RECENZJA - CATRICE LONGLASTING EYE PENCIL WATERPROOF

RECENZJA - CATRICE LONGLASTING EYE PENCIL WATERPROOF
Hej :)
Przychodzę dzisiaj do Was z recenzją wodoodpornych kredek od Catrice.
Bardzo lubię tą firmę, pomimo iż nie mogę używać ich podkładów ze względu na brak jasnego kolorku.
Jednak cienie czy kredki bardzo przypadły mi do gustu :)
Jakże się więc zdziwiłam, kiedy chcąc poczytać opinie innych osób na temat wspomnianej w nazwie posta kredki, natknęłam się na masę negatywnych opinii!!
No cóż, nie urodził się jeszcze taki, który by wszystkim dogodził :)
A co ja myślę na temat kredek CATRICE LONGLASTING EYE PENCIL WATERPROOF??
Zapraszam na recenzję :)

Zacznę od opisu producenta:
,,Automatyczna, wodoodporna kredka do oczu. Posiada intensywny kolor o wysokiej pigmentacji. Dzięki mechanizmowi wykręcania idealnie dopasujemy długość rysika bez użycia temperówki. Za jej pomocą narysujesz kreskę o różnej długości i grubości. Kredka dzięki wodoodpornej formule długo utrzymuje się na skórze. Dostępna w 8 kolorach."

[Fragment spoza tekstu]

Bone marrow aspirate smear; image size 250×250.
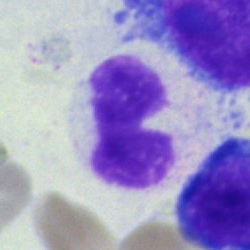Specimen: bone marrow smear.
Cell type: segmented neutrophil.
Lineage: myeloid.

Długo planowałam kupić kredki w kolorze, które długo utrzymywałyby się na linii wodnej. Zawsze jednak było coś ,,ważniejszego" do kupienia i kredki schodziły na dalszy plan. Najlepiej jest, kiedy natrafimy na coś zupełnie przez przypadek (chociaż tyle razy miałam nos w szafie Catrice, że naprawdę zaczynam wątpić, czy aby okulary nie powinny już zostać zamienione na mocniejsze :D ). I tak z nudów chwyciłam sobie kredeczkę numer 110 Randez-Blue (zdj.) i zakochałam się w głębokim kolorze granatu. Miłość pogłębiła się kiedy myjąc ręce musiałam się porządnie natrudzić aby ją zmyć :).
Kredki kosztują 9,99, więc można było zaryzykować :) Kupiłam wcześniej wspomnianą granatową - 110 Randez-Blue oraz jasną perłową - 100Perly Bird.
Jeżeli chodzi o pierwszą z nich, to nie mam żadnych zastrzeżeń, kolor na linii wodnej jest intensywny i nie do zdarcia przez cały dzień. I właśnie o taki efekt mi chodziło. Nie muszę myśleć o tym, czy ją ze sobą zabrałam do ewentualnych poprawek.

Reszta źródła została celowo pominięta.